If I were to paraphrase a bit and read a bit between the lines here, I think Jesus is saying “Do you believe these Galileans were worse sinners than all other Galileans (and we all know that all Galileans are dreadfully sinful).  Is it because they were especially bad sinners that God punished them in such a way?  Is this the God you believe in?”  Jesus answers his own question with an emphatic “No!”  No, they were faithful people on pilgrimage to Jerusalem to worship God rightly and for some reason of Pilate’s whim they died a horrible death.  Sometimes bad things happen to even the most faithful of people.”  

Jesus continues.  “Those eighteen Jerusalemites who just happened to be in the wrong place at the wrong time when the Tower of Siloam fell, do you really believe they were worse sinners than anybody else in Jerusalem (and we all know Jerusalemites are so good and pure) so that God would punished them by wasting their lives with such a haphazard death?  Is this the God you believe in?  If so, you better get yourselves right with God because he’s going to get you too just like he got them.  Tell me, really; is that what you believe God is really like?”

Jesus then tells them a parable in which he contrasts their false image of God and with one that is more Christ-like.  Their false image of God is like the vineyard owner.  He is like a blend between God the punitive judge and God the deadbeat Dad.  He planted a fig tree in his vineyard and left it to grow on its own only to come back at harvest time when there was supposed to be something on it for him only to find that the tree bore no fruit.  Since he couldn’t have a tree wasting his good soil, he wanted it cut down.  But you know, the vineyard owner was at much at fault here as the tree itself for their being no fruit.  You just don’t plant a fruit tree and go off and leave it.  They require a lot of maintenance.
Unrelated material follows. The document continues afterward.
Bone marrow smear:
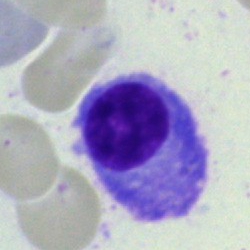
Plasma cell.

Sp also4, why plant a fig tree in a vineyard?  The grapevines were probably too much competition for it with respect to the nutrients in the soil.  You can’t punish something for your own neglect.  That’s not the way God is…is he?  No!

God is like the Gardener in this parable.  The Gardener won’t cut the tree down.  He knows better.  He knows it needs tending.  He sees that the tree needs some fertilizer and gets his hands dirty with poo to make the tree able to bear fruit.  This is the God we see in Jesus.  Jesus, God the Son, got right into the poo of what it is to be human and suffered as we do in every way.  He shared our every weakness.  Though innocent of any crime, he was condemned to death for treason.  His closest friends abandoned him and denied knowing him.  He died a horribly painful death after being tortured by Roman soldiers who were probably histories best at that game.  Yet, God the Father did not pour wrath out on humanity for this ultimate crime against God…No!  He raised Jesus from the dead and then poured the Holy Spirit out upon us, that we may participate in his very life.  God is like this Gardener.  He makes us able to bear the fruit expected of us by pouring himself into us.  The Holy Spirit, God’s very self, is the fertilizer that seeps into us through our roots and restores vitality to us and makes us able to bear the fruits expected of those bearing the image of God in his good creation.

Well, I bring up all these images of God because as I said at the very beginning what we believe about God has a very profound effect on how we live our lives and express our faith.  Unless we repent of our misplaced faithfulness to these false images of God that we project onto God and serve instead of the True God, we will perish within the confines of a bankrupt religion.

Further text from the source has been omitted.